Malgré une victoire incontestable des candidats pro-démocratie à Hong Kong, de nombreuses incertitudes subsistent sur l’évolution du mouvement de contestation.

Alors que les autorités de Pékin et le gouvernement hongkongais pro-Pékin espéraient un essoufflement du mouvement de protestation après six mois de crise avec leur lot de violences, les électeurs hongkongais ont donné une victoire écrasante aux candidats pro-démocratie lors du scrutin du 24 novembre visant à élire les membres des nouveaux conseils de district. Sur un total de 452 sièges ouverts au vote, les candidats pro-démocratie en ont remporté 388 et contrôlent désormais 17 des 18 conseils de district, qui jusque-là ont toujours été dominés par le camp pro-gouvernemental, donc pro-Pékin. L’inscription de près de 400 000 nouveaux électeurs et un taux de participation historique aux élections, à plus de 71 %, transforment ces élections a priori locales en un référendum : elles apportent un démenti au discours du gouvernement, selon lequel une majorité silencieuse désapprouvait le mouvement de protestation. En outre, cette victoire sans appel va bien au-delà de sa valeur référendaire dans le bras de fer entre le gouvernement de Carrie Lam et les manifestants, vu le système électoral actuel à Hong Kong. En effet, le camp pro-­démocratie y voit un espoir de relancer la réforme politique stoppée en 2014 par Pékin. Mais de nombreuses incertitudes entourent l’impact réel de ces élections sur la sortie d’une crise qui dure depuis six mois, ainsi que sur le choix du prochain chef de l’exécutif en 2022.

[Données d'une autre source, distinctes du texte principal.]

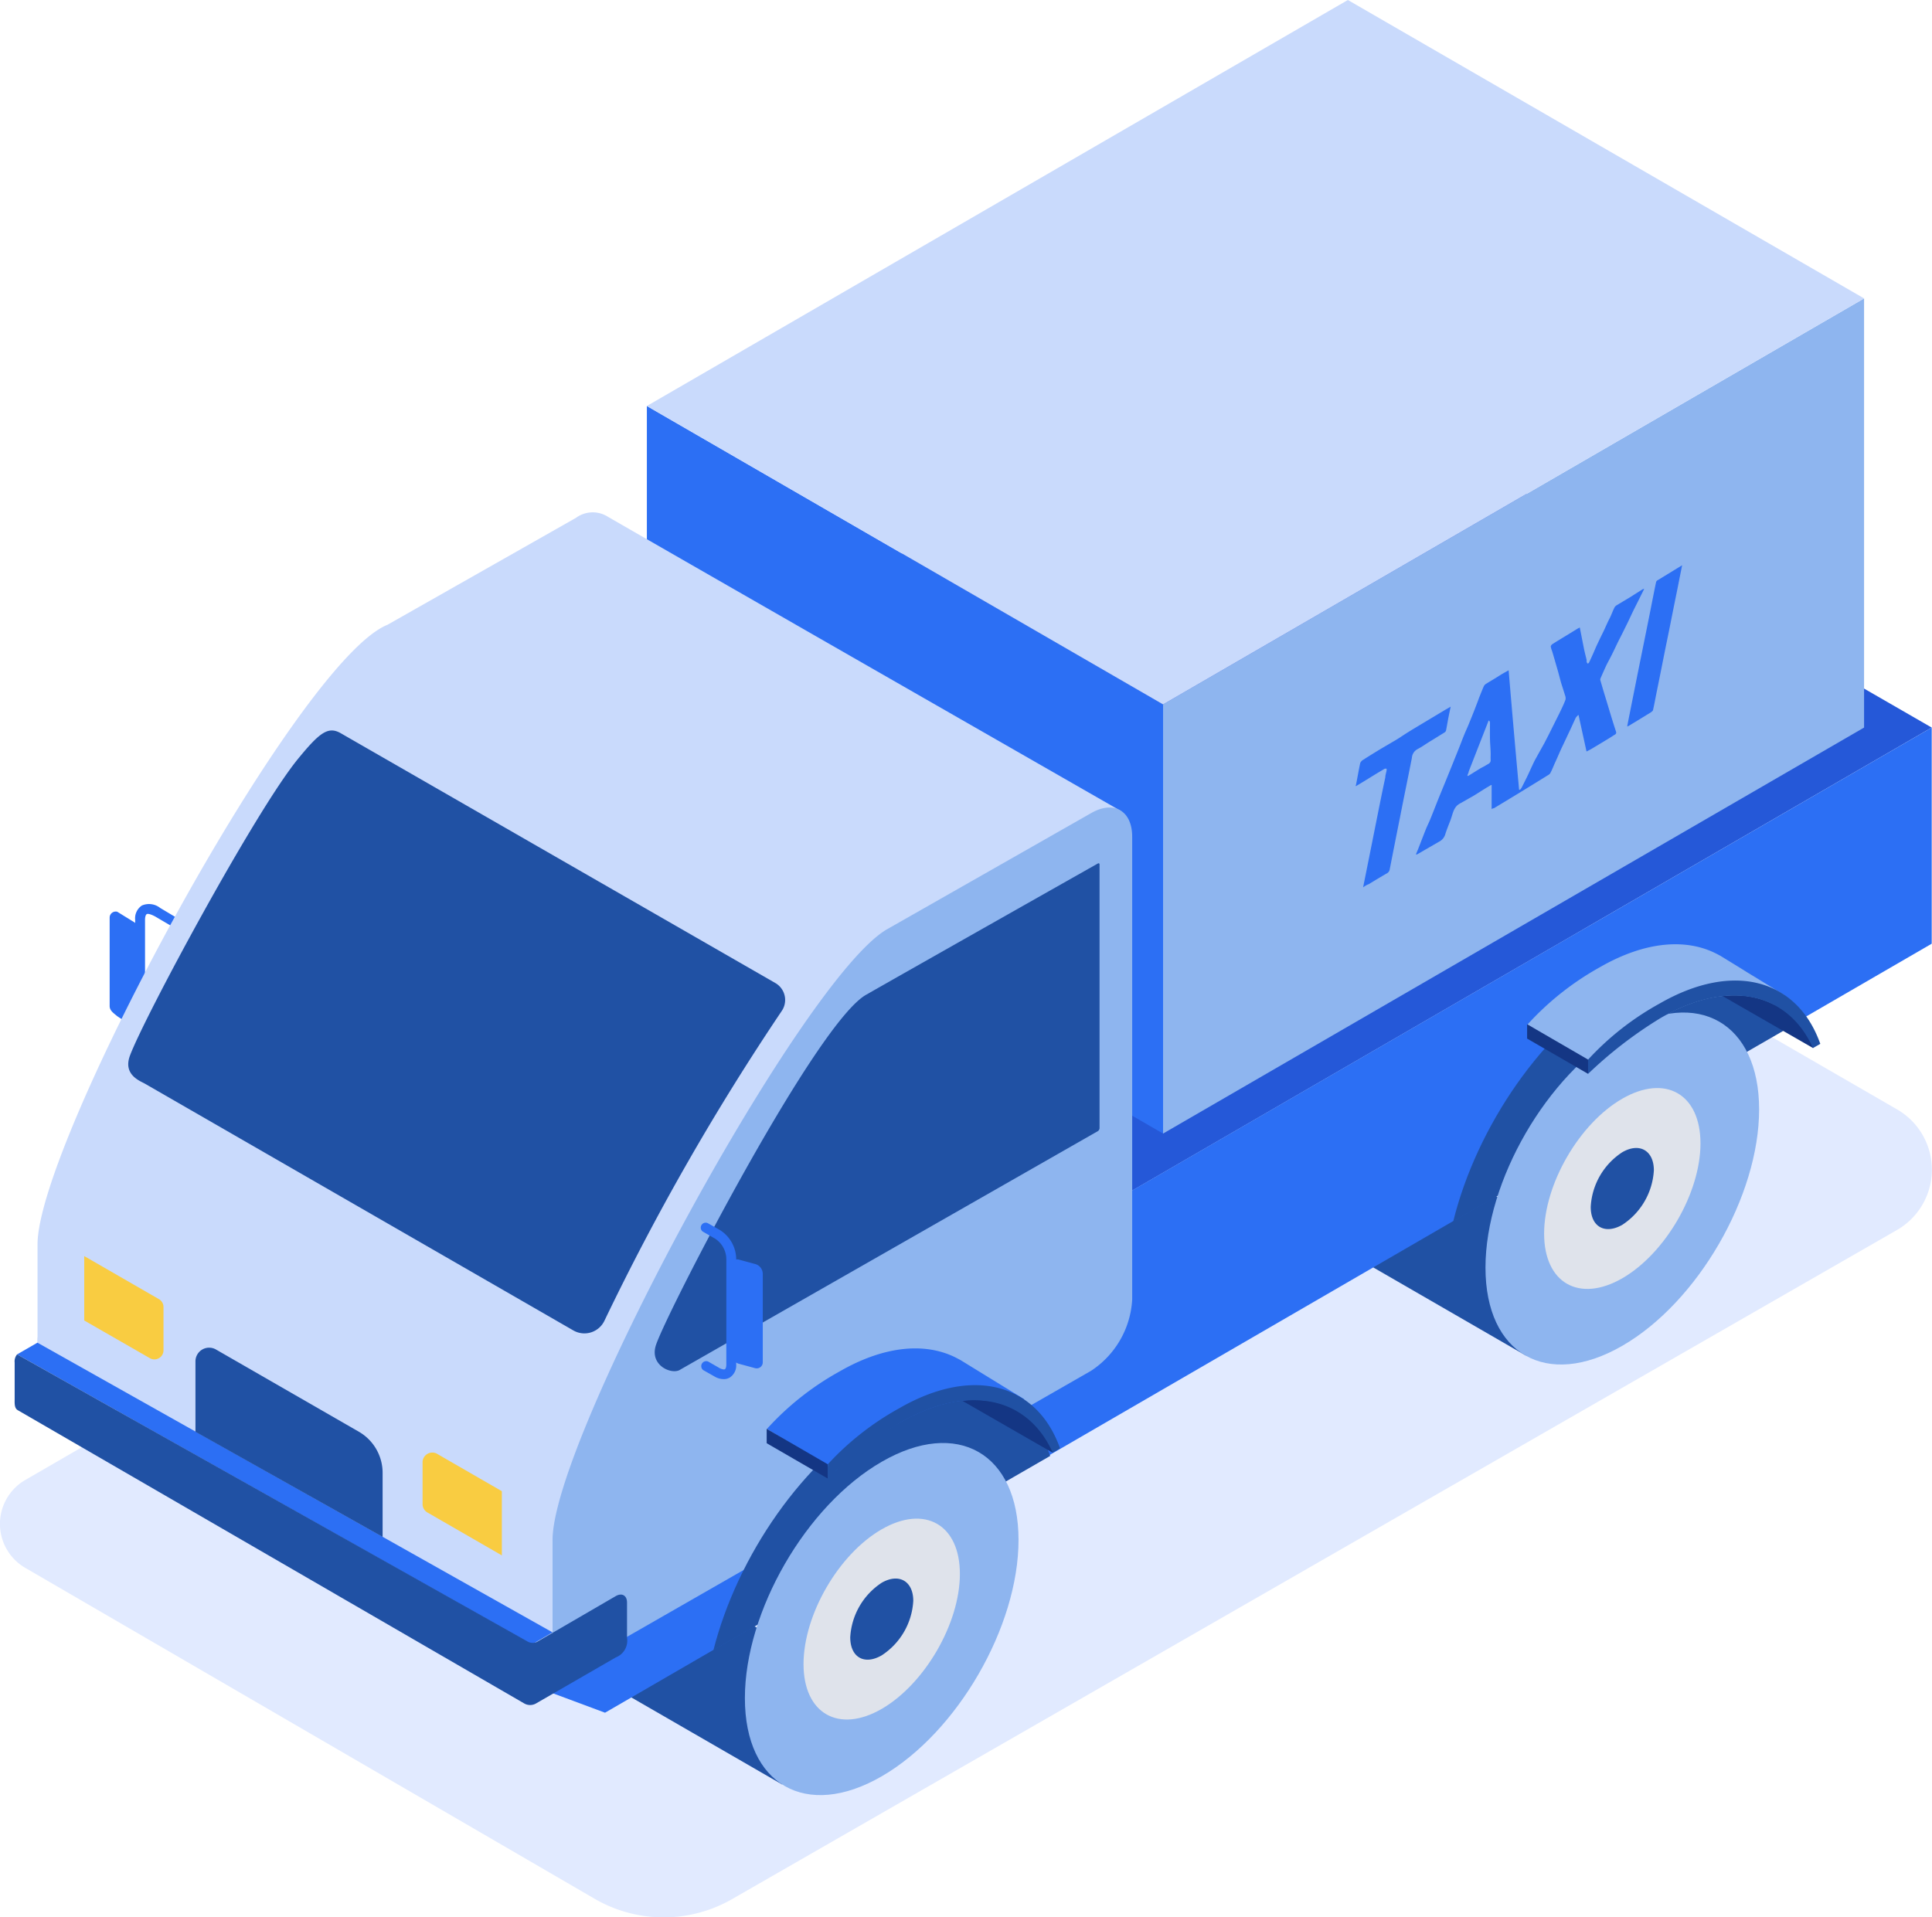 <?xml version="1.0" encoding="UTF-8"?> <svg xmlns="http://www.w3.org/2000/svg" viewBox="0 0 197.69 196.22"> <defs> <style>.cls-1{fill:#e1eaff;}.cls-2{fill:#2558d8;}.cls-10,.cls-11,.cls-12,.cls-2,.cls-6,.cls-7,.cls-8,.cls-9{fill-rule:evenodd;}.cls-3,.cls-7{fill:#2c6ff4;}.cls-4,.cls-8{fill:#8eb5ef;}.cls-11,.cls-5{fill:#c9dafc;}.cls-6{fill:#2051a4;}.cls-9{fill:#dfe3eb;}.cls-10{fill:#143684;}.cls-12{fill:#f9cc41;}</style> </defs> <title>taxi_2</title> <g id="Layer_2" data-name="Layer 2"> <g id="Illustration"> <path class="cls-1" d="M74.92,194.35l119.2-68.48a7.12,7.12,0,0,0,0-12.33l-58.82-34a8.52,8.52,0,0,0-8.54,0L2.59,151.46a5.2,5.2,0,0,0,0,9l58.25,33.86A14.06,14.06,0,0,0,74.92,194.35Z"></path> <polygon class="cls-2" points="16.55 101 83.42 140.63 197.66 74.46 129.25 35.02 16.55 101"></polygon> <polygon class="cls-3" points="66.19 85.47 119.01 116.01 119.01 72.09 66.19 41.55 66.19 85.47"></polygon> <polygon class="cls-4" points="119.01 116.01 190.74 74.46 190.74 30.54 119.01 72.09 119.01 116.01"></polygon> <polygon class="cls-5" points="66.19 41.55 119.01 72.09 190.74 30.54 137.92 0 66.19 41.55"></polygon> <polygon class="cls-6" points="139.48 129.11 156.15 138.74 156.15 124.19 139.48 114.56 139.48 129.11"></polygon> <polygon class="cls-6" points="63.36 173 80.04 182.63 80.04 168.08 63.36 158.46 63.36 173"></polygon> <polygon class="cls-7" points="55.9 156.55 197.66 74.46 197.66 96.58 61.91 175.28 56.43 173.24 55.9 156.55"></polygon> <path class="cls-6" d="M148.7,125c2.4-9.73,9.23-19.7,17.29-24.36s14.54-2.29,17.31,4.38Z"></path> <path class="cls-8" d="M166,137.73c7.72-4.45,14-15.32,14-24.19s-6.29-12.46-14-8-14,15.32-14,24.19S158.28,142.19,166,137.73Z"></path> <path class="cls-9" d="M166,130.82c4.4-2.54,8-8.74,8-13.8s-3.59-7.12-8-4.58-8,8.75-8,13.81S161.59,133.36,166,130.82Z"></path> <path class="cls-6" d="M166,125.35a7.15,7.15,0,0,0,3.23-5.58c0-2-1.45-2.88-3.23-1.85a7.12,7.12,0,0,0-3.23,5.58C162.76,125.54,164.21,126.37,166,125.35Z"></path> <polygon class="cls-10" points="175.55 101.53 185.52 107.26 185.52 105.54 175.55 98.39 175.55 101.53"></polygon> <path class="cls-8" d="M169.89,104.18a33.15,33.15,0,0,0-6.6,5l-7-4.32A29.08,29.08,0,0,1,163.68,99c4.68-2.7,8.93-3,12.06-1.34l.32.17,6.51,4-1,1C178.54,101.23,174.4,101.58,169.89,104.18Z"></path> <polygon class="cls-10" points="162.5 108.44 162.5 109.9 156.26 106.29 156.26 104.82 162.5 108.44"></polygon> <path class="cls-6" d="M169.79,102.72c7.64-4.41,14.15-2.45,16.47,4.11l-.75.43c-2.51-5.62-8.55-7.14-15.58-3.08a43,43,0,0,0-7.43,5.72v-1.46A28.86,28.86,0,0,1,169.79,102.72Z"></path> <path class="cls-3" d="M17.69,109l.51-.87s-2.06-1.23-2.55-1.51a2,2,0,0,1-.81-1.57V94.13c0-.29.07-.52.18-.58s.39,0,.85.24l1.82,1.07a.49.49,0,0,0,.69-.17A.51.51,0,0,0,18.2,94l-1.81-1.08a1.84,1.84,0,0,0-1.87-.25,1.57,1.57,0,0,0-.69,1.46V105a3,3,0,0,0,1.32,2.44Z"></path> <path class="cls-7" d="M12,104a16.32,16.32,0,0,0,1.52.92.62.62,0,0,0,.78-.59V95.25c0-.48-.45-.82-.78-1L12,93.31a.62.62,0,0,0-.78.6V103C11.25,103.45,11.62,103.68,12,104Z"></path> <path class="cls-11" d="M39.65,63.94,58.93,53a2.9,2.9,0,0,1,3.13-.2C62.74,53.23,114.7,83,114.7,83L58,170S6,139.93,5.3,139.62a2.79,2.79,0,0,1-1.46-2.81v-9.46C3.84,116.9,30.41,67.65,39.65,63.94Z"></path> <path class="cls-8" d="M90.84,95.06l20.8-11.84c2.32-1.34,4.21-.26,4.21,2.41V133a9.34,9.34,0,0,1-4.21,7.29L60.75,169.47c-2.31,1.34-4.21.25-4.21-2.41V157.6C56.54,147.22,82.26,99.83,90.84,95.06Z"></path> <path class="cls-6" d="M112.34,115.76a.4.4,0,0,0,.17-.29v-27c0-.11-.08-.15-.17-.1s-23.22,13.13-23.61,13.38c-5.06,2.55-20.81,33.14-21.64,36-.6,2.06,1.74,3,2.55,2.4Z"></path> <polygon class="cls-7" points="1.75 138.61 54.42 168.29 56.54 167.06 3.83 137.41 1.75 138.61"></polygon> <path class="cls-6" d="M1.82,144.32c-.37-.21-.32-.74-.32-1.16v-3.72a1.11,1.11,0,0,1,.25-.83L54,168a1,1,0,0,0,1,0l8-4.65c.64-.37,1.16-.07,1.16.66v3.61a1.83,1.83,0,0,1-1.15,2l-8.14,4.7a1.21,1.21,0,0,1-1.25,0Z"></path> <path class="cls-3" d="M74.06,141.14a1.16,1.16,0,0,0,.61-.16,1.47,1.47,0,0,0,.66-1.34v-10.9a3.58,3.58,0,0,0-1.65-2.85l-1.22-.69a.5.5,0,0,0-.69.19.49.49,0,0,0,.19.68l1.22.7a2.54,2.54,0,0,1,1.14,2v10.9c0,.23-.06.41-.15.46s-.28,0-.49-.09l-1.22-.7a.51.51,0,0,0-.5.88l1.22.69A1.81,1.81,0,0,0,74.06,141.14Z"></path> <path class="cls-7" d="M75.61,139.57l1.66.45a.62.62,0,0,0,.78-.6v-9.06a1.05,1.05,0,0,0-.78-1l-1.66-.45a.61.61,0,0,0-.78.59v9.07A1.06,1.06,0,0,0,75.61,139.57Z"></path> <path class="cls-6" d="M20,146.53l19.15,10.76v-6.55a4.86,4.86,0,0,0-2.42-4.21l-14.63-8.42a1.4,1.4,0,0,0-2.1,1.22Z"></path> <path class="cls-12" d="M43.72,154.78l7.63,4.4v-6.57l-6.67-3.85a1,1,0,0,0-1.44.83V154A1,1,0,0,0,43.72,154.78Z"></path> <path class="cls-12" d="M8.62,135.14,15.34,139a.93.93,0,0,0,1.39-.8v-4.44a.94.94,0,0,0-.46-.8l-7.65-4.41v6.57Z"></path> <path class="cls-6" d="M13.28,108.08c1.38-3.79,12.79-25,17.2-30.4C32.67,75,33.55,74.33,34.8,75L79.33,100.6a2,2,0,0,1,.65,2.88,252.12,252.12,0,0,0-18.13,31.68,2.27,2.27,0,0,1-3.18,1L14.82,110.9C14.32,110.62,12.6,110,13.28,108.08Z"></path> <path class="cls-6" d="M73,168.88c2.45-9.66,9.24-19.51,17.24-24.13S105,142.14,107.46,149Z"></path> <path class="cls-8" d="M90.22,149.6c7.73-4.47,14-.88,14,8s-6.27,19.72-14,24.19-14,.88-14-8S82.48,154.06,90.22,149.6Z"></path> <path class="cls-9" d="M90.22,174.89c4.4-2.55,8-8.75,8-13.81s-3.59-7.11-8-4.57-8,8.74-8,13.8S85.82,177.43,90.22,174.89Z"></path> <path class="cls-6" d="M90.22,169.41a7.12,7.12,0,0,0,3.23-5.58c0-2-1.45-2.87-3.23-1.85A7.15,7.15,0,0,0,87,167.56C87,169.61,88.44,170.44,90.22,169.41Z"></path> <polygon class="cls-10" points="97.74 142.94 107.71 148.67 107.71 146.95 97.74 139.8 97.74 142.94"></polygon> <path class="cls-7" d="M92.08,145.59a33.09,33.09,0,0,0-6.6,4.95l-7-4.31a28.86,28.86,0,0,1,7.42-5.87c4.68-2.7,8.93-3,12.06-1.34l.32.17,6.51,4-1,1C100.73,142.64,96.59,143,92.08,145.59Z"></path> <polygon class="cls-10" points="84.69 149.85 84.69 151.31 78.45 147.7 78.45 146.23 84.69 149.85"></polygon> <path class="cls-6" d="M92,144.13c7.64-4.41,14.15-2.46,16.47,4.1l-.75.44c-2.51-5.62-8.55-7.14-15.58-3.08a42.51,42.51,0,0,0-7.43,5.72v-1.46A28.86,28.86,0,0,1,92,144.13Z"></path> <path class="cls-3" d="M161.65,64.22c.15.75.29,1.47.43,2.18.08.38.18.76.27,1.14,0,.07,0,.14,0,.21a.86.86,0,0,0,.1.16c.05,0,.13-.06.15-.11.14-.29.27-.58.4-.87s.25-.58.38-.87l.39-.82c.15-.31.31-.62.45-.93s.31-.7.47-1,.32-.76.51-1.14a.69.69,0,0,1,.26-.25l1.32-.79,1.28-.81a.35.35,0,0,1,.18-.05c-.1.19-.19.39-.29.58-.3.62-.62,1.23-.92,1.85-.19.4-.37.8-.57,1.2s-.49,1-.74,1.48-.53,1.11-.81,1.66c-.19.39-.41.76-.59,1.15s-.38.84-.56,1.26a.31.31,0,0,0,0,.19c.17.58.34,1.17.52,1.75s.43,1.43.65,2.14c.14.45.28.9.43,1.35.07.24-.12.3-.25.38-.34.23-.7.44-1.06.66l-1.15.69c-.18.11-.37.2-.56.3l-.82-3.75a1.49,1.49,0,0,0-.28.29c-.2.42-.38.84-.58,1.26s-.51,1.09-.77,1.63-.47,1.06-.71,1.58-.34.82-.55,1.21c-.09.15-.31.24-.47.35l-1.93,1.19-1.16.71-2.21,1.34c-.05,0-.11,0-.23.09V81.53l0-1.19-.07,0-.45.27-1.31.82-1.3.74a1.91,1.91,0,0,0-.43.29,1.77,1.77,0,0,0-.33.52c-.12.3-.2.62-.31.93-.19.5-.4,1-.56,1.52a1.24,1.24,0,0,1-.62.71L145,87.44s-.05,0-.12,0l.21-.5c.26-.66.51-1.32.78-2,.13-.34.3-.66.44-1,.26-.63.51-1.27.76-1.91.33-.82.67-1.63,1-2.45.41-1,.81-2,1.21-3,.19-.47.36-.94.55-1.4s.36-.81.52-1.22c.35-.85.69-1.71,1-2.56.16-.39.31-.79.48-1.17a.56.56,0,0,1,.22-.24c.48-.3,1-.6,1.45-.89.28-.18.57-.33.87-.5q.51,6.11,1.07,12.22l.1,0a1.66,1.66,0,0,0,.16-.21c.22-.44.45-.88.66-1.33s.37-.81.56-1.21.29-.53.42-.79L158,76.1l.43-.83.6-1.2c.21-.43.43-.85.64-1.29s.37-.77.52-1.18a.79.79,0,0,0-.06-.47c-.15-.53-.33-1-.48-1.57s-.23-.87-.36-1.31-.31-1.08-.47-1.61a2.1,2.1,0,0,1-.14-.47c0-.08.09-.2.17-.25.5-.32,1-.62,1.51-.93l1.09-.67Zm-11.48,15.2.14-.06,1.16-.72c.19-.11.4-.2.58-.32s.49-.2.48-.52,0-.42,0-.62c0-.53-.06-1.05-.07-1.57s0-1.11,0-1.66c0,0,0-.11-.08-.18s-.09.06-.1.08l-2,5.12c0,.11-.08.23-.11.34S150.16,79.37,150.17,79.42Z"></path> <path class="cls-3" d="M139.48,90.81l.67-3.34.78-3.91c.27-1.35.54-2.7.82-4,0-.23.09-.47.13-.7a.62.62,0,0,0,0-.19,1.05,1.05,0,0,0-.19,0l-.84.5-1.43.88-.65.39-.06,0a1.66,1.66,0,0,0,.06-.21c.14-.71.26-1.42.41-2.13a.72.72,0,0,1,.32-.35c.59-.38,1.18-.74,1.77-1.1l1.38-.81c.28-.16.56-.34.83-.52s.79-.51,1.19-.75l3.2-1.92.57-.33c-.08.37-.15.71-.22,1.06s-.16.9-.25,1.35a.35.35,0,0,1-.16.23l-1.34.83c-.27.16-.53.33-.79.5s-.42.26-.64.38a1.09,1.09,0,0,0-.57.89c-.39,2-.81,4-1.21,6.06q-.54,2.69-1.06,5.36a.55.55,0,0,1-.24.37c-.64.37-1.27.75-1.91,1.14C139.86,90.55,139.68,90.67,139.48,90.81Z"></path> <path class="cls-3" d="M166.5,74.35c.08-.41.15-.8.23-1.18.27-1.37.55-2.75.82-4.12l.78-3.86c.25-1.24.5-2.47.74-3.71.13-.64.25-1.28.39-1.92a.31.31,0,0,1,.16-.18l1.75-1.07.75-.46c-.15.78-.3,1.5-.44,2.23-.25,1.23-.5,2.46-.74,3.68s-.5,2.44-.74,3.66-.49,2.46-.74,3.69c-.1.51-.19,1-.31,1.53,0,.1-.14.2-.24.27l-1.32.81-.94.57Z"></path> </g> </g> </svg>

Le poids relatif mais réel des conseils de district

Les conseils de district sont avant tout des organes de base, chargés de la gestion des affaires des quartiers. Leurs membres n’ont aucun pouvoir d’ordre législatif, budgétaire ou fiscal. Leurs élections se déroulaient ainsi traditionnellement à la grande indifférence des électeurs.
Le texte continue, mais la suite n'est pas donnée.